The objects "a" are DEFINITELY not of type iResource, since it has a single constructor that just throws an exception. However, replacing "type(a).request" with "iResource.request" invokes the base class method. Furthermore, calling "self.types["social"][0].request" directly works fine, but the above code gives me: "type object 'instance' has no attribute 'request'".

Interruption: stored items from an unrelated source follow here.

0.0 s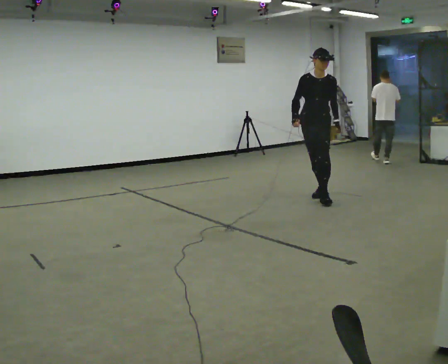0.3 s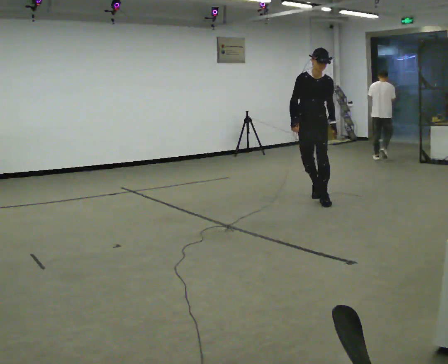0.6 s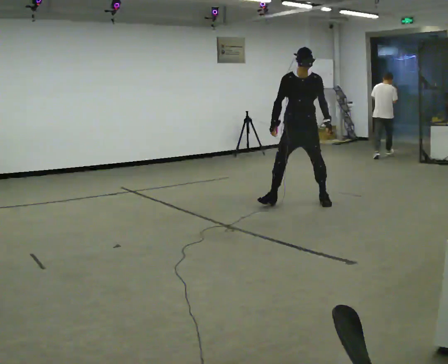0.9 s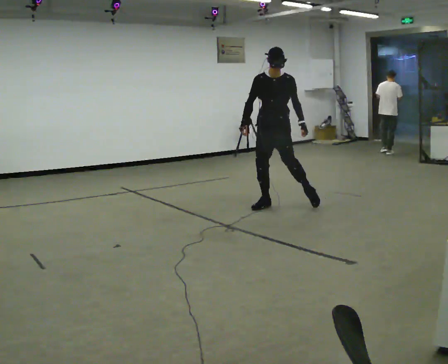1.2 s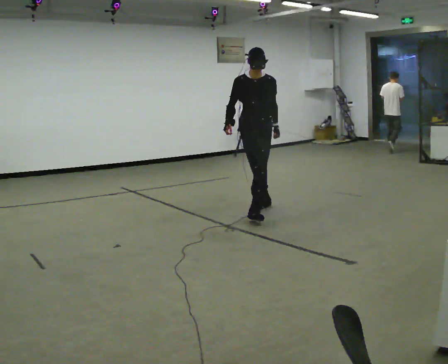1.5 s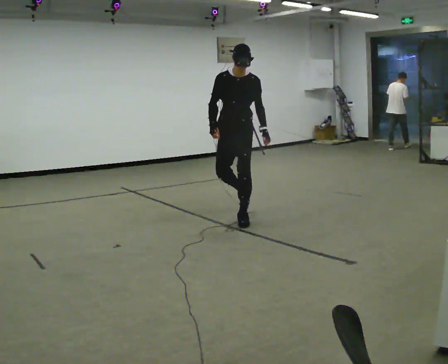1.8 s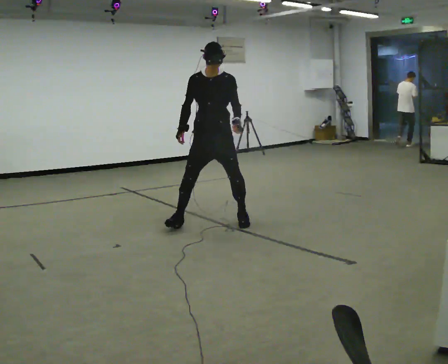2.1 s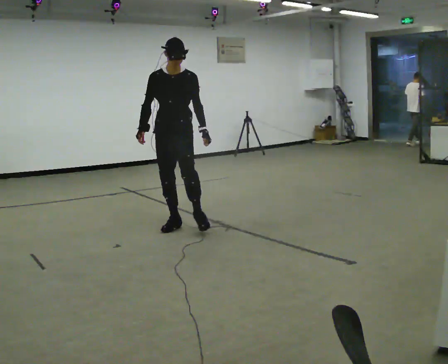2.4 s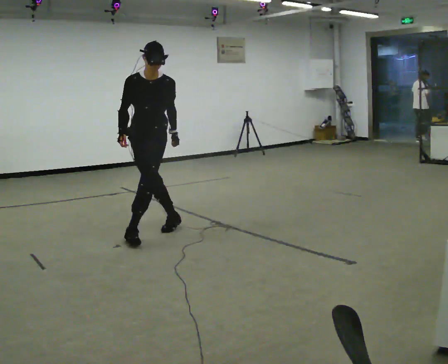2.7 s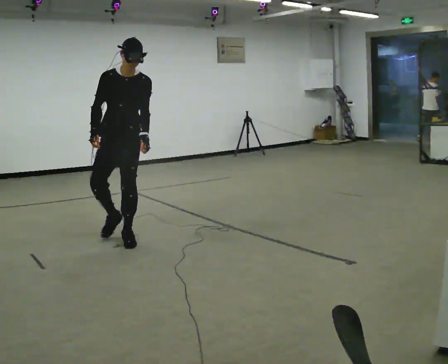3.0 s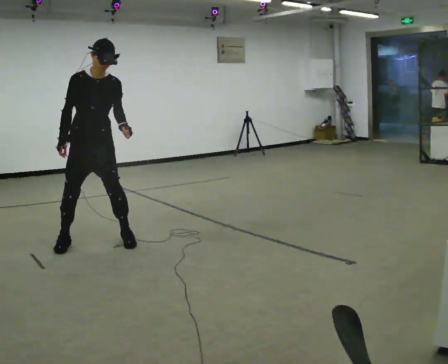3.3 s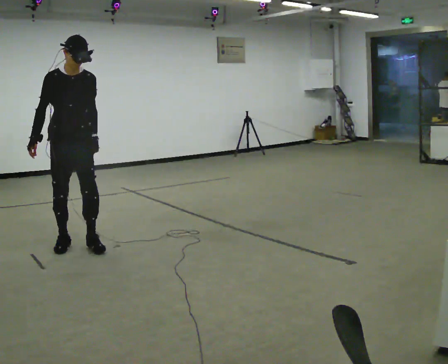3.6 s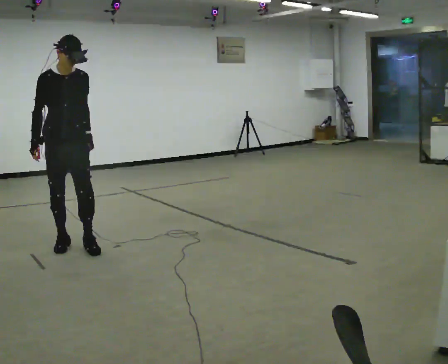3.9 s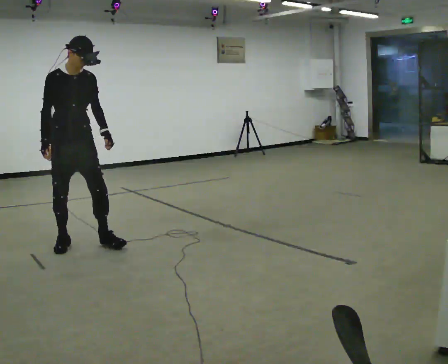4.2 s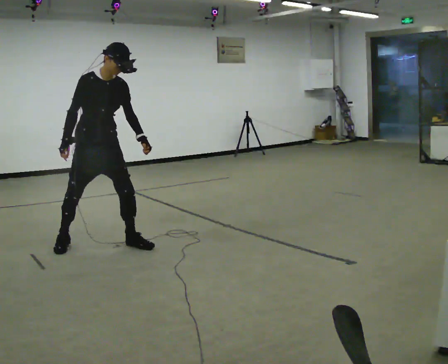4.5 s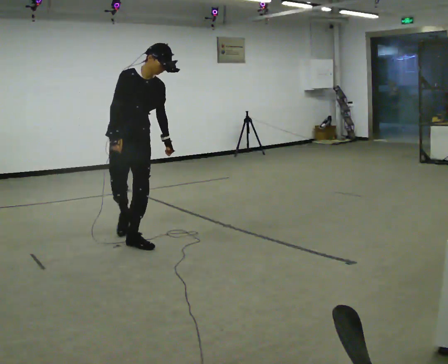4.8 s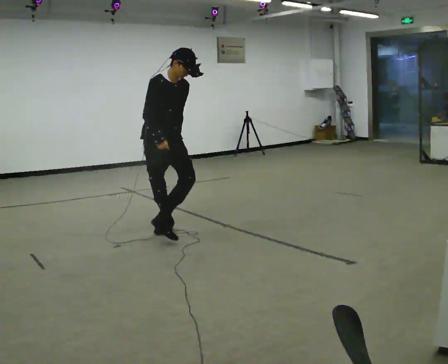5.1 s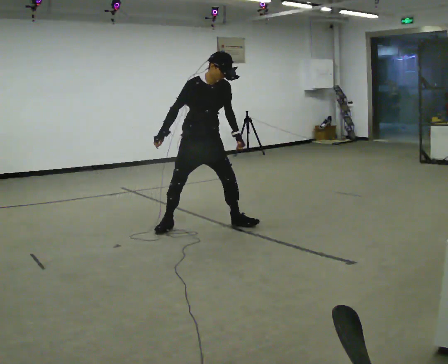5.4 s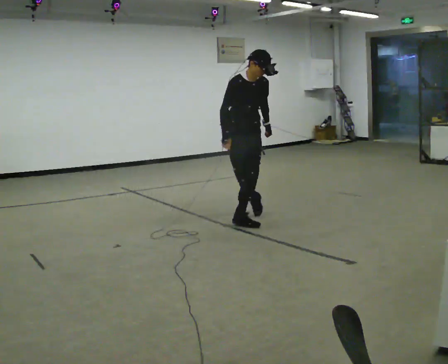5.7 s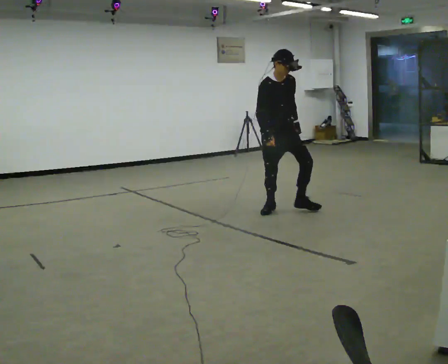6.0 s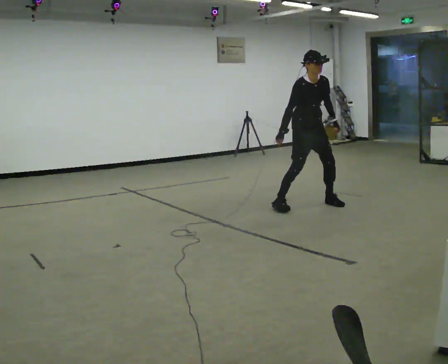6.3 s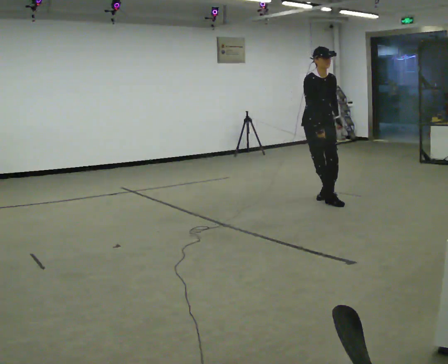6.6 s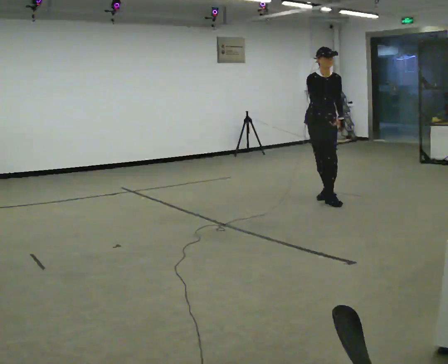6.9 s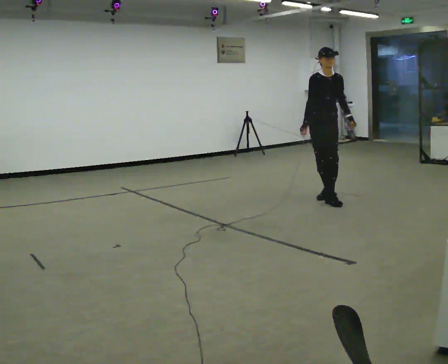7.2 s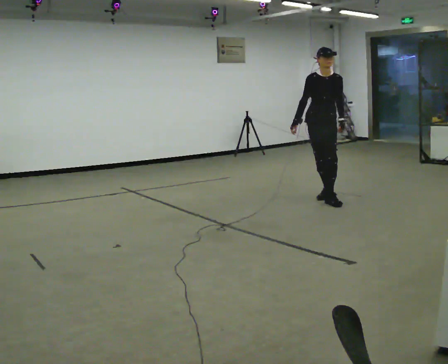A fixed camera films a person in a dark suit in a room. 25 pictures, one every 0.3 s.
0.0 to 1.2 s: In the picture they go to the left and toward the camera, about 1 m in 1 step, which for them is forward and to their right.
1.2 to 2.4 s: In the picture they go to the left and toward the camera, about 1 m in 2 steps, which for them is forward and to their right.
2.4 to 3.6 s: The person turns about 30 degrees to their left, counterclockwise seen from above, so the part of the body nearest the lens slides to the right. In the picture they go to the left, about 1 m in 3 steps, which for them is to their right.
3.6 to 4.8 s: In the picture they go to the right, about 1 m in 2 steps, which for them is to their left.
4.8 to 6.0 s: In the picture they go to the right, about 1.5 m in 3 steps, which for them is to their left.
6.0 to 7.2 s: The person turns about 30 degrees to their right, clockwise seen from above, so the part of the body nearest the lens slides to the left. In the picture they go to the right and away from the camera, about 0.25 m in 1 step, which for them is backward and to their left.
The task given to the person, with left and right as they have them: Move sideways in the direction the operator calls, crossing one foot in front and then behind, alternating.
The film runs forward here.
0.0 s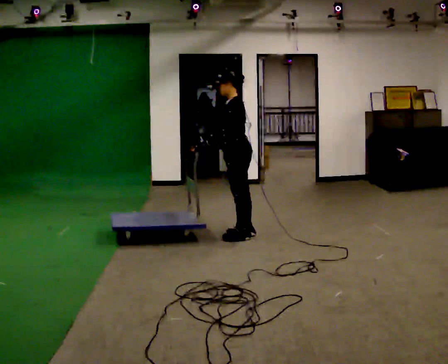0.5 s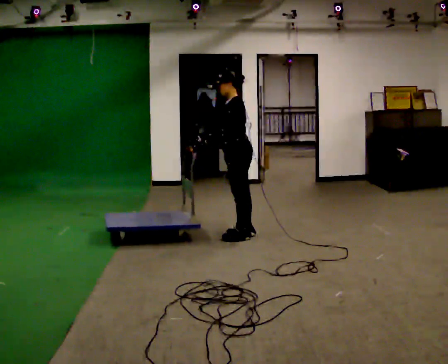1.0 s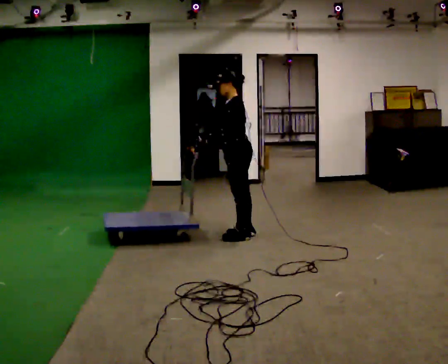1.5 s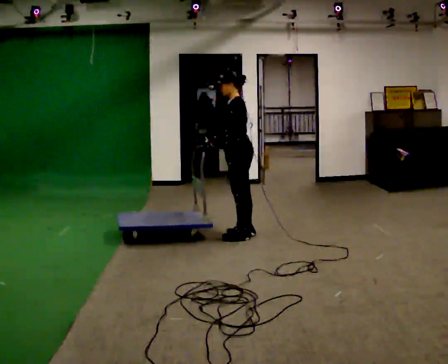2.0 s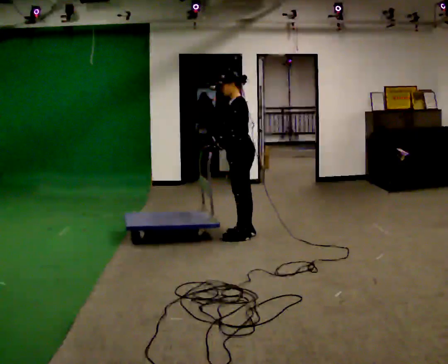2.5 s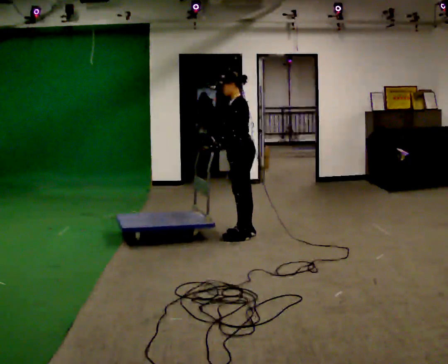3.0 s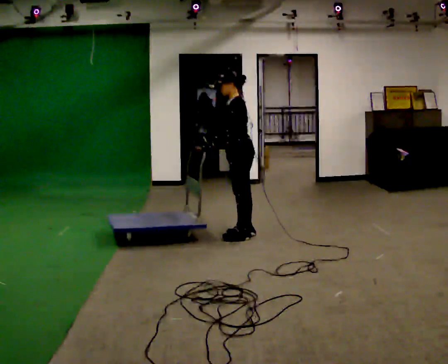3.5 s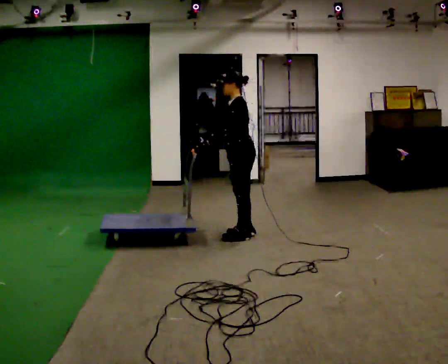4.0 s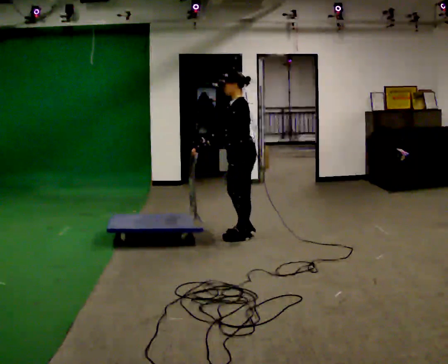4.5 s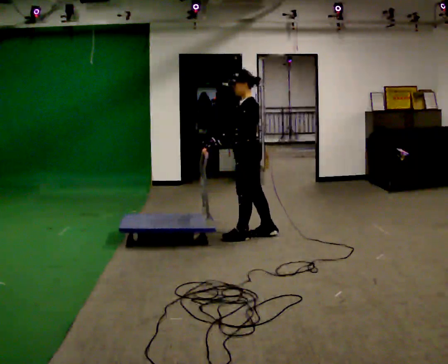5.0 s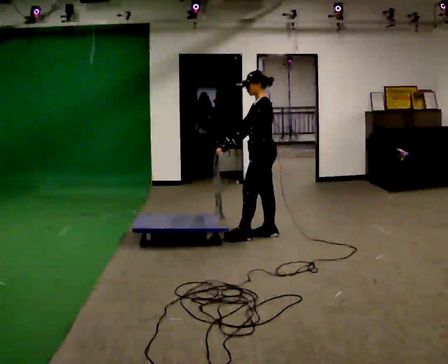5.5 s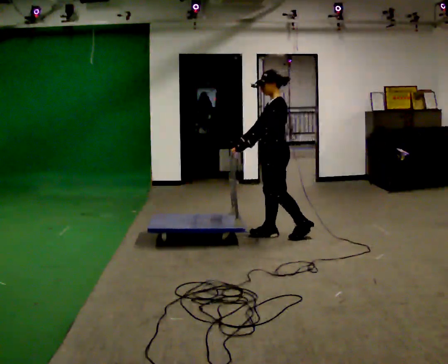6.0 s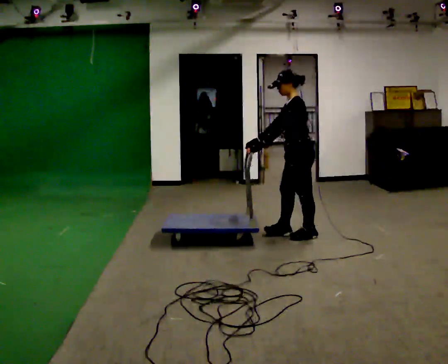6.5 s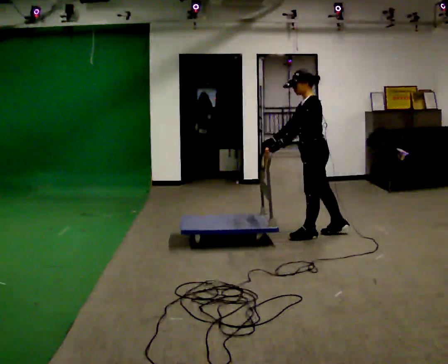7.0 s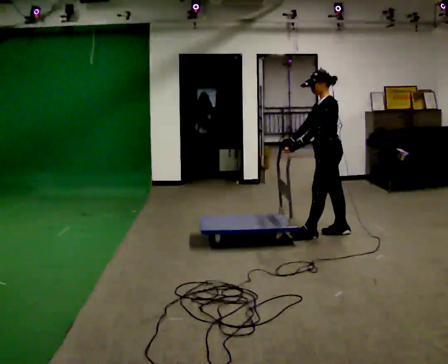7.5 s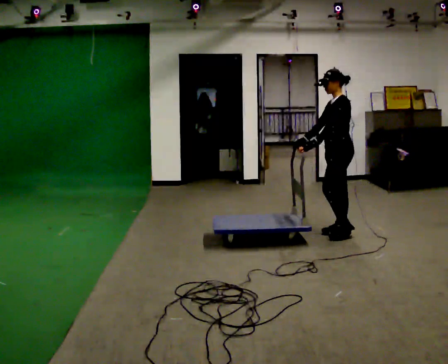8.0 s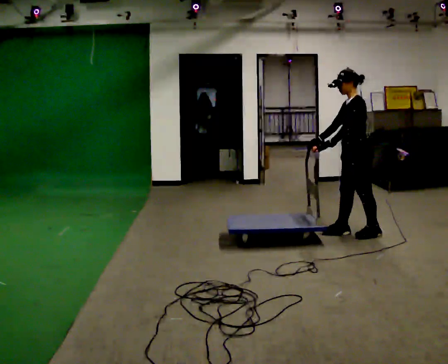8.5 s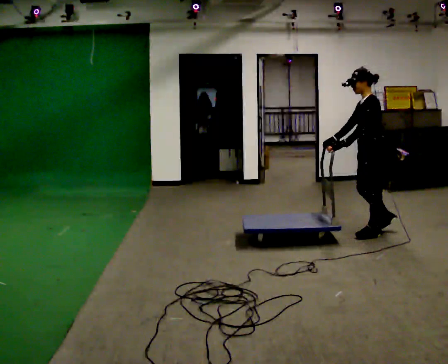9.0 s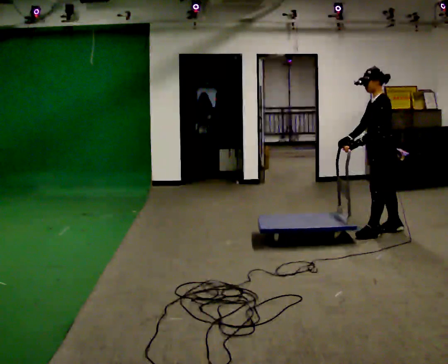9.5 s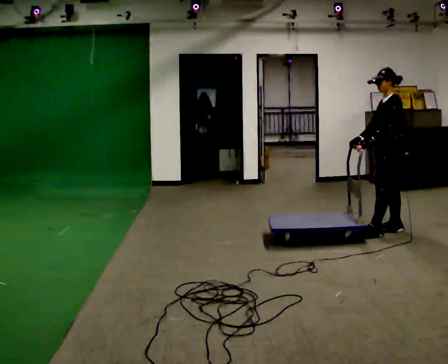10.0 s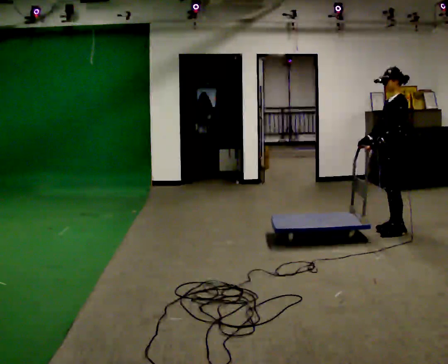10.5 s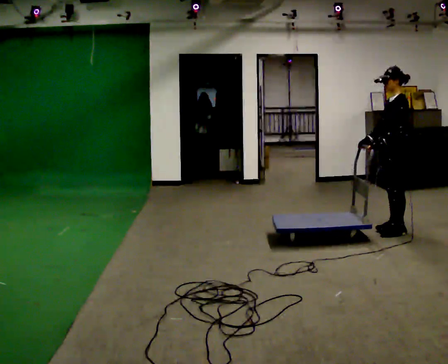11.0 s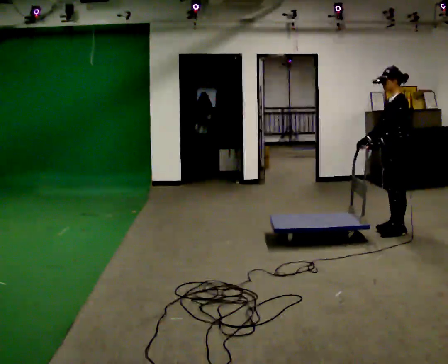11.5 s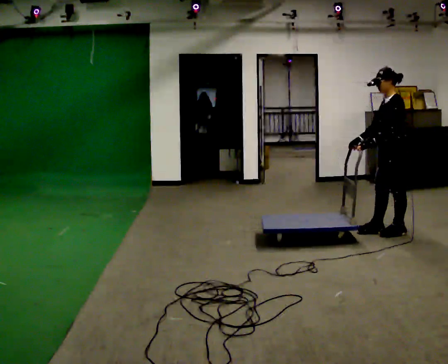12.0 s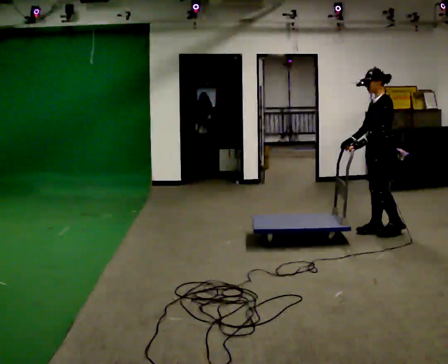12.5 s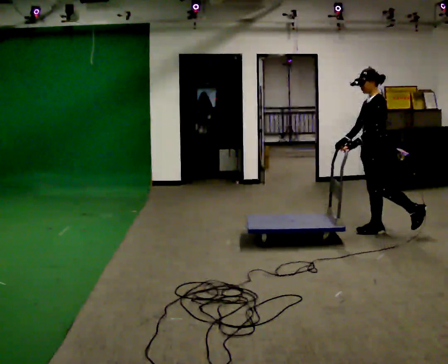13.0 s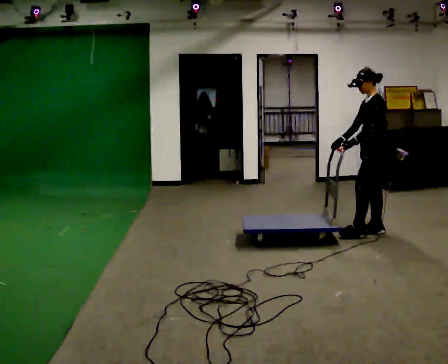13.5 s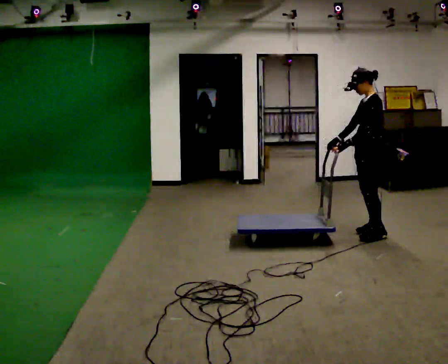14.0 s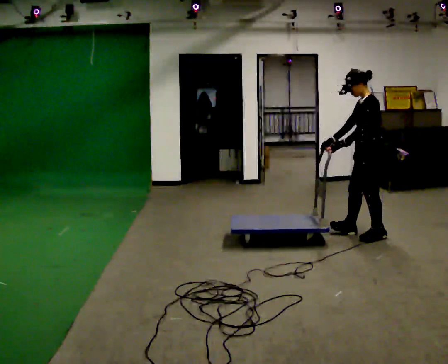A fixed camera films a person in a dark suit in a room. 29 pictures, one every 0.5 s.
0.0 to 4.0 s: The person moves a little, or ends about where they began.
4.0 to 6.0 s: In the picture they go to the right, about 0.5 m in 3 steps, which for them is backward.
6.0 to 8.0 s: In the picture they go to the right, about 0.5 m in 1 step, which for them is backward.
8.0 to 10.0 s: In the picture they go to the right, about 0.5 m in 2 steps, which for them is backward.
10.0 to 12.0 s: The person moves a little, or ends about where they began.
12.0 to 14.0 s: In the picture they go toward the camera, about 0.25 m in 2 steps, which for them is forward and to their left.
The film runs backward here.

Uncommenting the commented line prints <type 'instance'> several times.
You can just use the bound method object itself:
tasks = [a.request for a in self.types["social"]]
# ^^^^^^^^^
grabbers = executeChainResults(tasks, [(query, 0)] * len(tasks))
# ^^^^^^^^^^^^^^^^^^^^^^^^^
If you insist on calling your methods through the base class you could also do it like this:
from abc import ABCMeta
from functools import wraps
def virtualmethod(method):
method.__isabstractmethod__ = True
#wraps(method)
def wrapper(self, *args, **kwargs):
return getattr(self, method.__name__)(*args, **kwargs)
return wrapper
class IBase(object):
__metaclass__ = ABCMeta
#virtualmethod
def my_method(self, x, y):
pass
class AddImpl(IBase):
def my_method(self, x, y):
return x + y
class MulImpl(IBase):
def my_method(self, x, y):
return x * y
items = [AddImpl(), MulImpl()]
for each in items:
print IBase.my_method(each, 3, 4)
b = IBase() # <-- crash
Result:
7
12
Traceback (most recent call last):
File "testvirtual.py", line 30, in <module>
b = IBase()
TypeError: Can't instantiate abstract class IBase with abstract methods my_method
Python doesn't support interfaces as e.g. Java does. But with the abc module you can ensure that certain methods must be implemented in subclasses. Normally you would do this with the abc.abstractmethod() decorator, but you still could not call the subclasses method through the base class, like you intend. I had a similar question once and I had the idea of the virtualmethod() decorator. It's quite simple. It essentially does the same thing as abc.abstratmethod(), but also redirects the call to the subclasses method. The specifics of the abc module can be found in the docs and in PEP3119.
BTW: I assume you're using Python >= 2.6.
The reference to "<type "instance" >" you get when you are using an "old style class" in Python - i.e.: classes not derived from the "object" type hierarchy. Old style classes are not supposed to work with several of the newer features of the language, including descriptors and others. AND, among other things, - you can't retrieve an attribute (or method) from the class of an old style class using what you are doing:
>>> class C(object):
... def c(self): pass
...
>>> type (c)
<class '__main__.C'>
>>> c = C()
>>> type(c).c
<unbound method C.c>
>>> class D: #not inheriting from object: old style class
... def d(self): pass
...
>>> d = D()
>>> type(d).d
>>> type(d)
<type 'instance'>
Traceback (most recent call last):
File "<stdin>", line 1, in <module>
AttributeError: type object 'instance' has no attribute 'd'
>>>
Therefore, just make your base class inherit from "object" instead of "nothing" and check if you still get the error message when requesting the "request" method from type(a) :
As for your other observation:
"The problem is that when I start a thread with iResource.request and give it a subclass as the first argument, it'll call the superclass method."
It seems that the "right" thing for it to do is exactly that:
>>> class A(object):
... def b(self):
... print "super"
...
>>> class B(A):
... def b(self):
... print "child"
...
>>> b = B()
>>> A.b(b)
super
>>>
Here, I call a method in the class "A" giving it an specialized instance of "A" - the method is still the one in class "A".